As for your doctor, I hope that you get some answers soon. I've done a ton of research too and they all say the same thing...it's nothing we've done. even though we feel like we could've done something, it's hard to have someone tell you otherwise.
I hope you have a good day...thank goodness for boards like this where we can come and vent!
Everything you wrote is quite close to how I felt. It's all normal. We all grieve like this.
And you have every right to be not 100% happy for your sister. My sister has had 2 pregnancies and has two healthy boys....I dont know why I have had losses. One one hand I am so happy she has never experienced this pain, on the other well...I dont wish this pain on anyone, I just wish she understood more.
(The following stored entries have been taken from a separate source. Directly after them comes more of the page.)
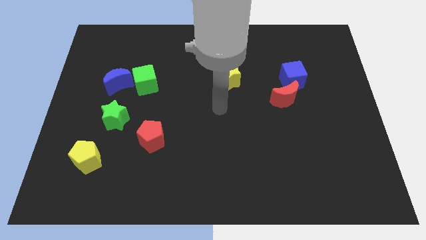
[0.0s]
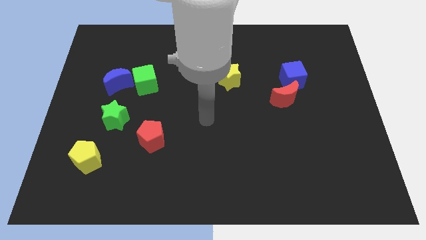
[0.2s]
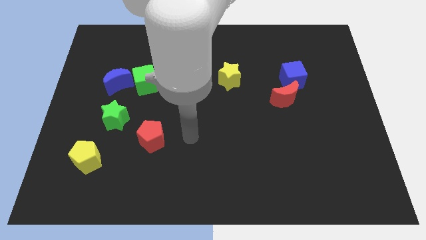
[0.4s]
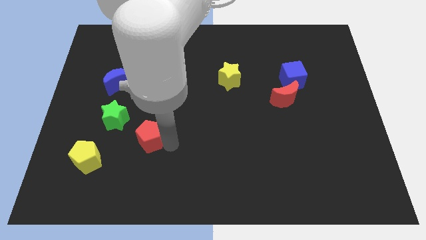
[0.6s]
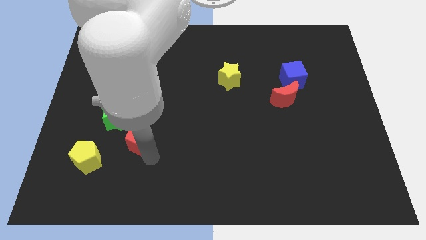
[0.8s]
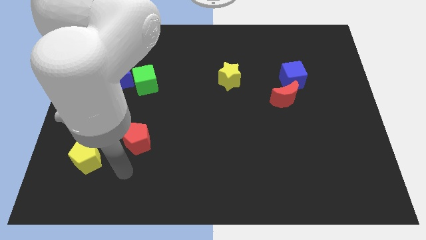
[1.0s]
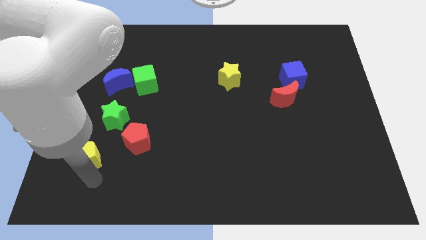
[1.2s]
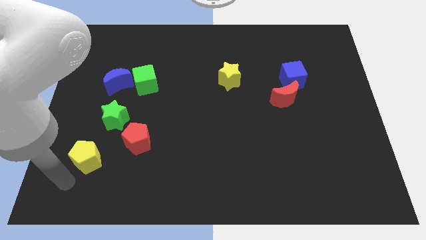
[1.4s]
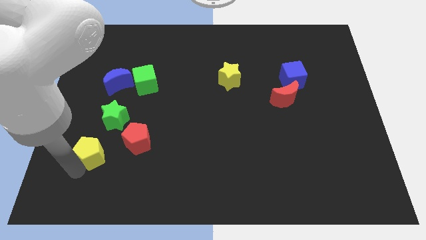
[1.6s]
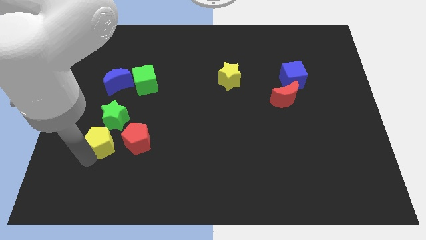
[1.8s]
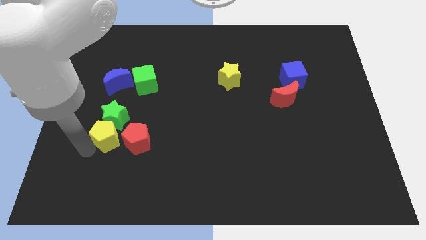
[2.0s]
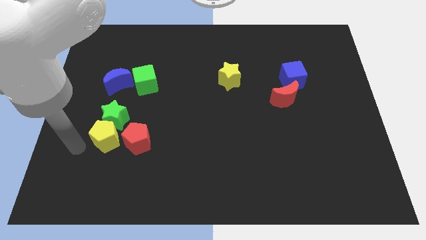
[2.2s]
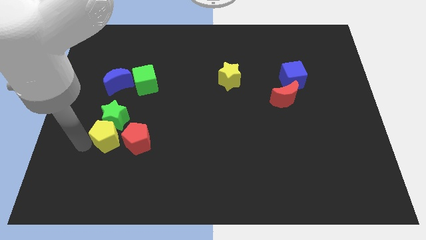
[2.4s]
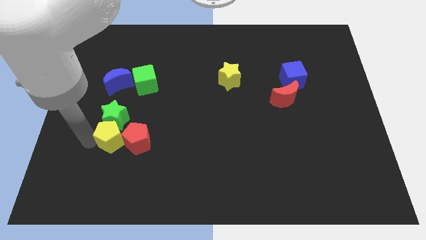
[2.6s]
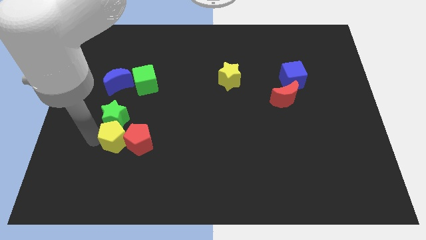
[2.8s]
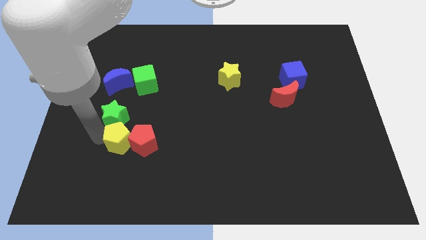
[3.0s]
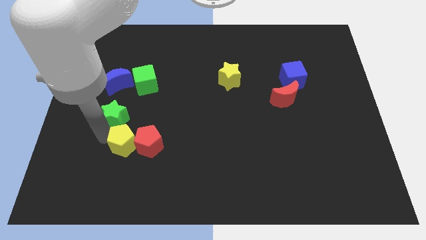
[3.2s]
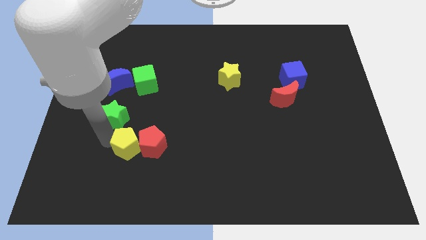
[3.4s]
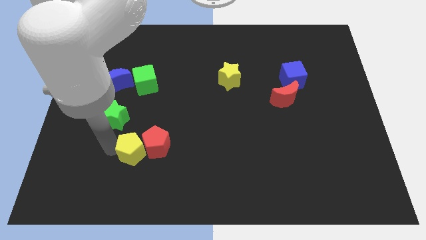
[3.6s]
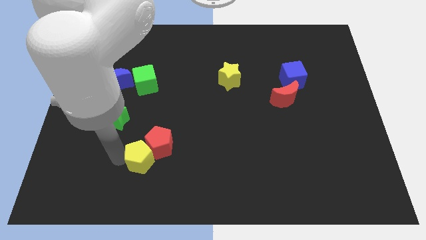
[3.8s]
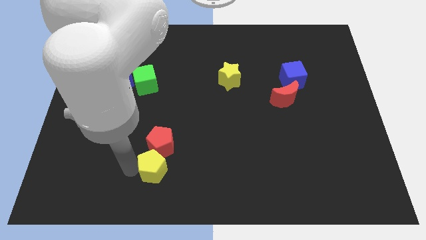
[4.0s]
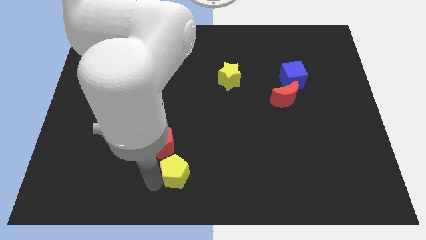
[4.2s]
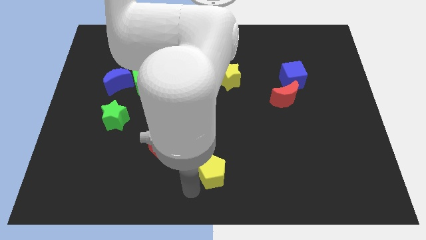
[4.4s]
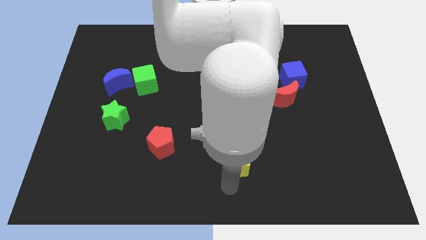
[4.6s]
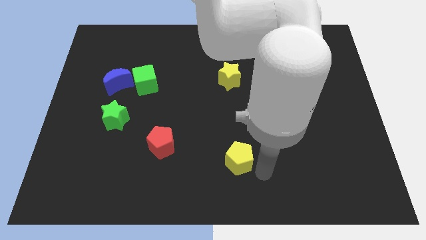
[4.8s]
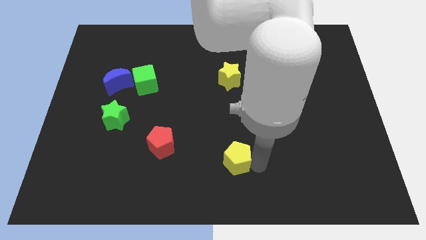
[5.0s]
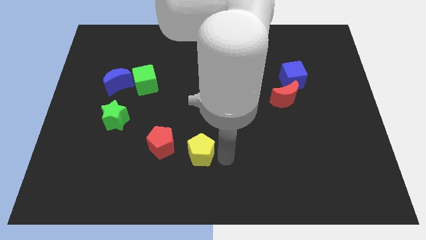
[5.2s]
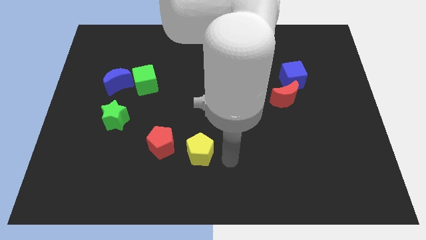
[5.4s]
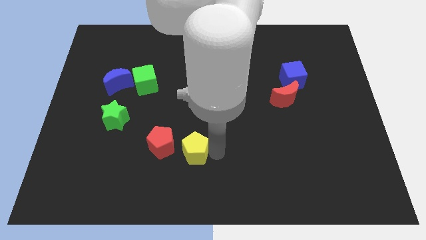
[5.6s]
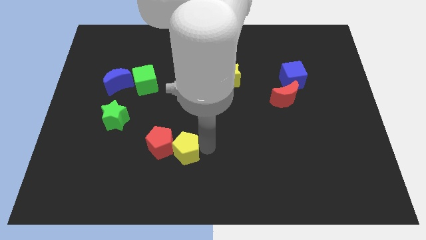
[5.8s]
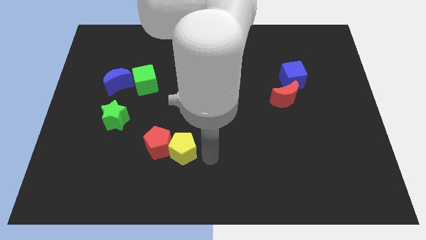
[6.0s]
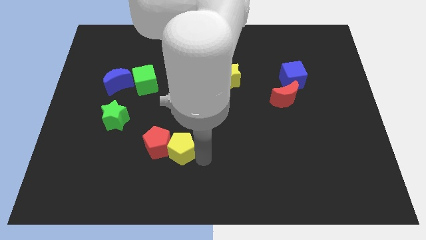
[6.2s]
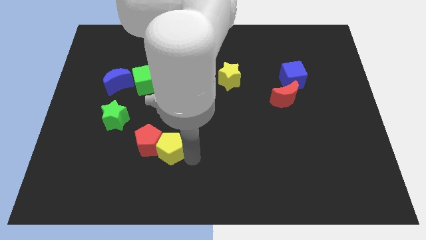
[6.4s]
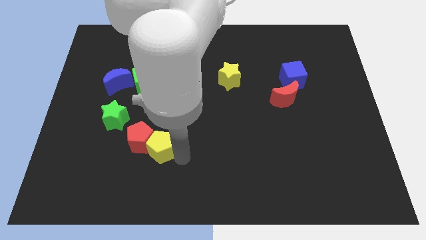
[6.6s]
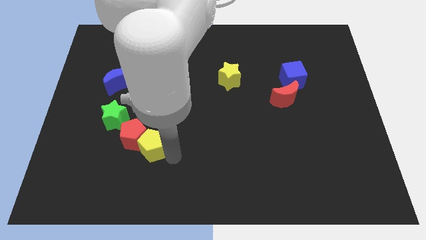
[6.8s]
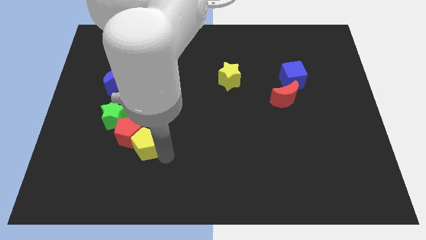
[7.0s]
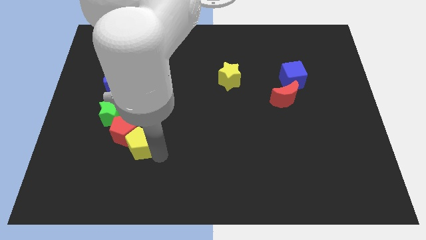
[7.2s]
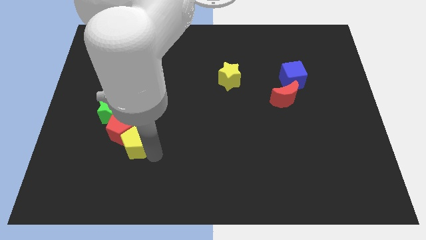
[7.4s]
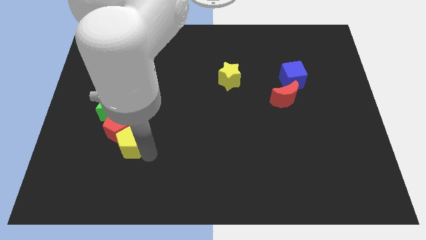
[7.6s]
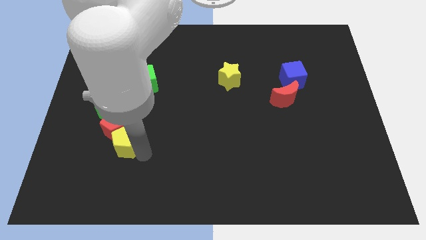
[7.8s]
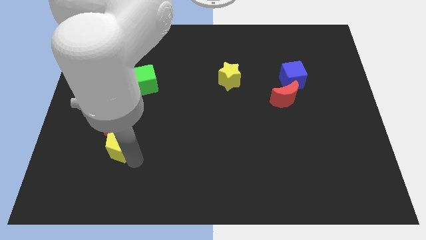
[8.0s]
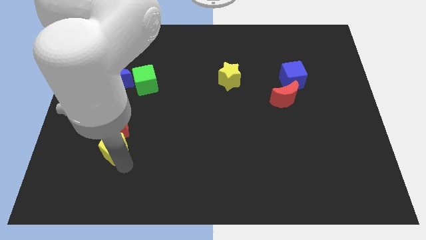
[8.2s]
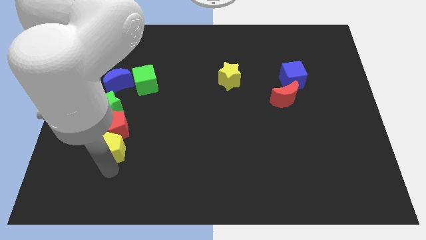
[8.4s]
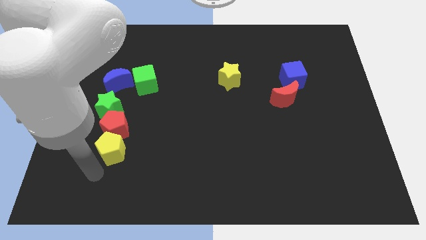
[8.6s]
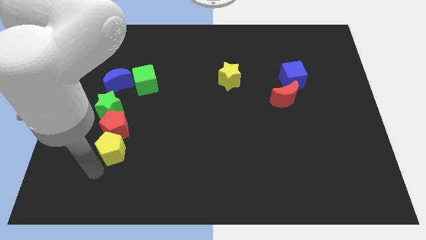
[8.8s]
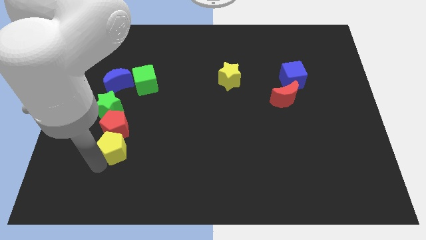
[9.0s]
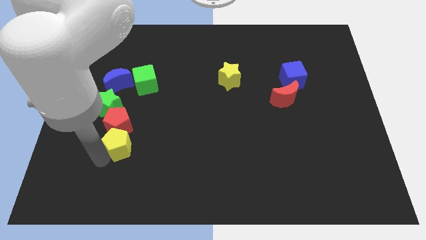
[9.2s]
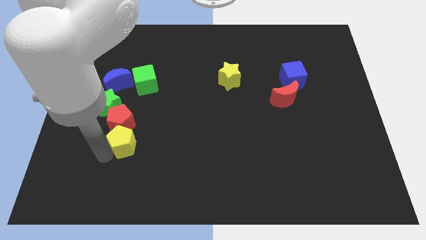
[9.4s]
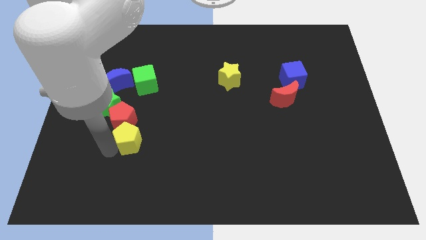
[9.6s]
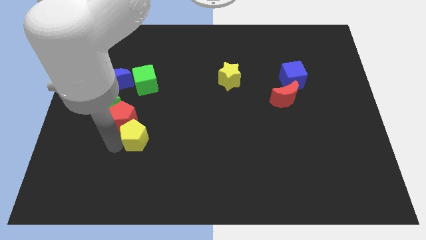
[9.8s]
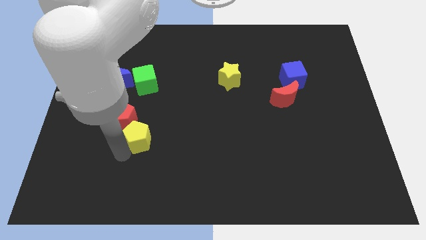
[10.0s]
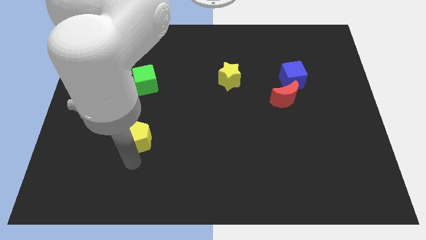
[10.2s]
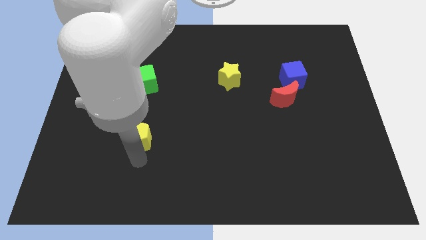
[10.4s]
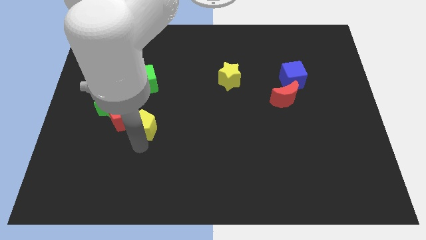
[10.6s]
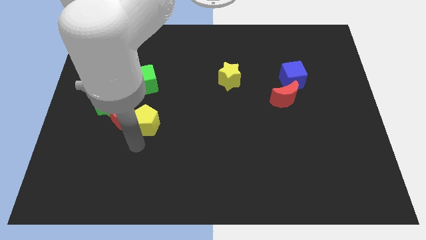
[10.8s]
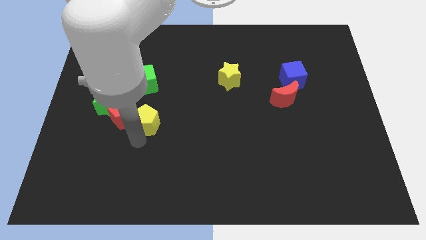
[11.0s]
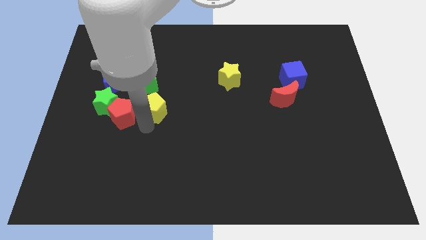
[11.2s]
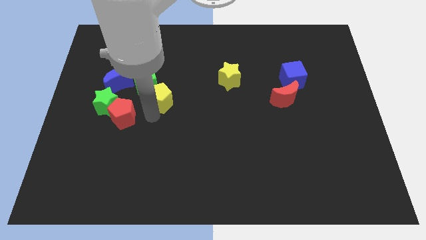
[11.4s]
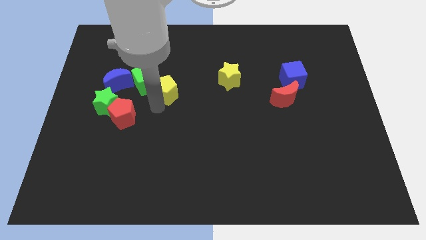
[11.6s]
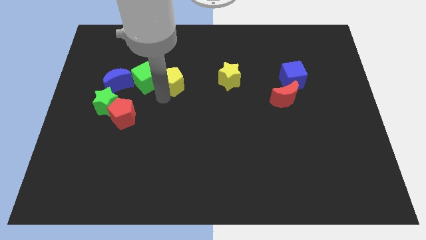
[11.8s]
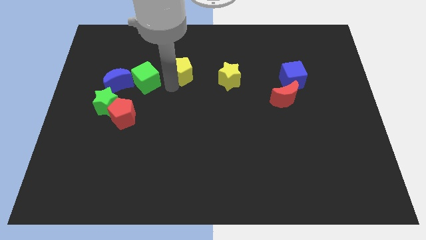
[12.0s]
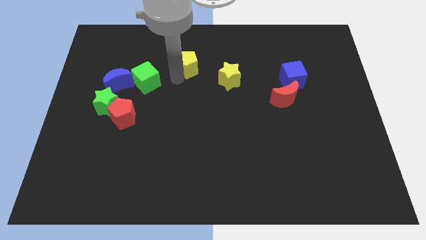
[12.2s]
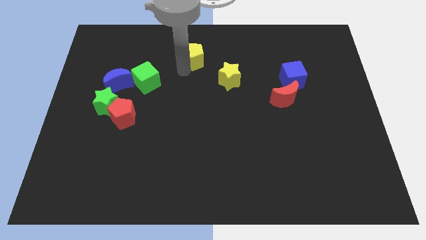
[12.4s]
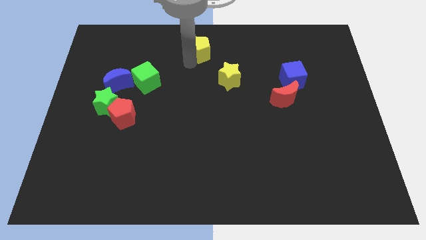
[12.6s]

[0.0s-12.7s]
put the yellow pentagon to the top side

Please know you are SOOO allowed to come here for support anytime. You dont have to give it....I found in my "earlier days" on this board, all I did was post my problems. I couldnt support anyone back then. Now I try to come here to offer support......
It is so hard to see everyone else get pregnant so easy, especially when it is so hard for some of us. I also understand how it feels to have people tiptoe around us when others get pregnant. Whenever someone close to me gets pregnant it just makes me have such a longing for my own baby.
Don't feel bad about coming here for support...that is what this board is for. It is healing for all of us to have a place like this to come to and post our true feelings. It also helps all of us to know we aren't alone in our feelings. I have felt like you do and just hearing you say it lets me know I'm not alone in how I feel.
Im sorry you have to go through this and so sorry for your losses. I completely understand your feelings. They are totally normal given the situation. My older sister (she is 38, im 26) is TTC no 4 at the moment, and I just know any day now im going to get a call telling me she is pg. I know it sounds silly but I can just feel it coming. I also know it sounds selfish to say, but this was meant to be MY time. Im sure you probably feel that way a little bit too. I only had my d & c on Fri and cant tell you how much I hate the thought of hearing she is pg. Dont beat yourself up about the way you feel, its the way we all would feel. I hope the next few weeks are easy on you, and also hope you get some answers or a BFP really soon.
I don't know if I could even be 30% happy in that situation. As you said, you heard early and that will give you time to get used to the situation. Everything that you have said that you are going through/feeling seems completely fitting for the point in time that you are in. I am sorry that your DH is having a hard time too. Men deal differently. My DH shut everyone out, including me, for nearly two months. He was smart enough to tell people to just leave him be. It takes time and eventually he will find his coping mechansism just as you will.
I am glad to hear that you had a good experience with the new ob even if she did dismiss all of your research. The best thing that you can do is education yourself. I wish you peace, strength, and serenity.
All of the other posters have said everything I could have thought of and more, but I just wanted to say I'm sorry you're having such a hard time right now and that your feelings are completely 100% understandable. I could barely even look at my SIL and her two kids after my loss. And I STILL feel that way sometimes, almost two years later.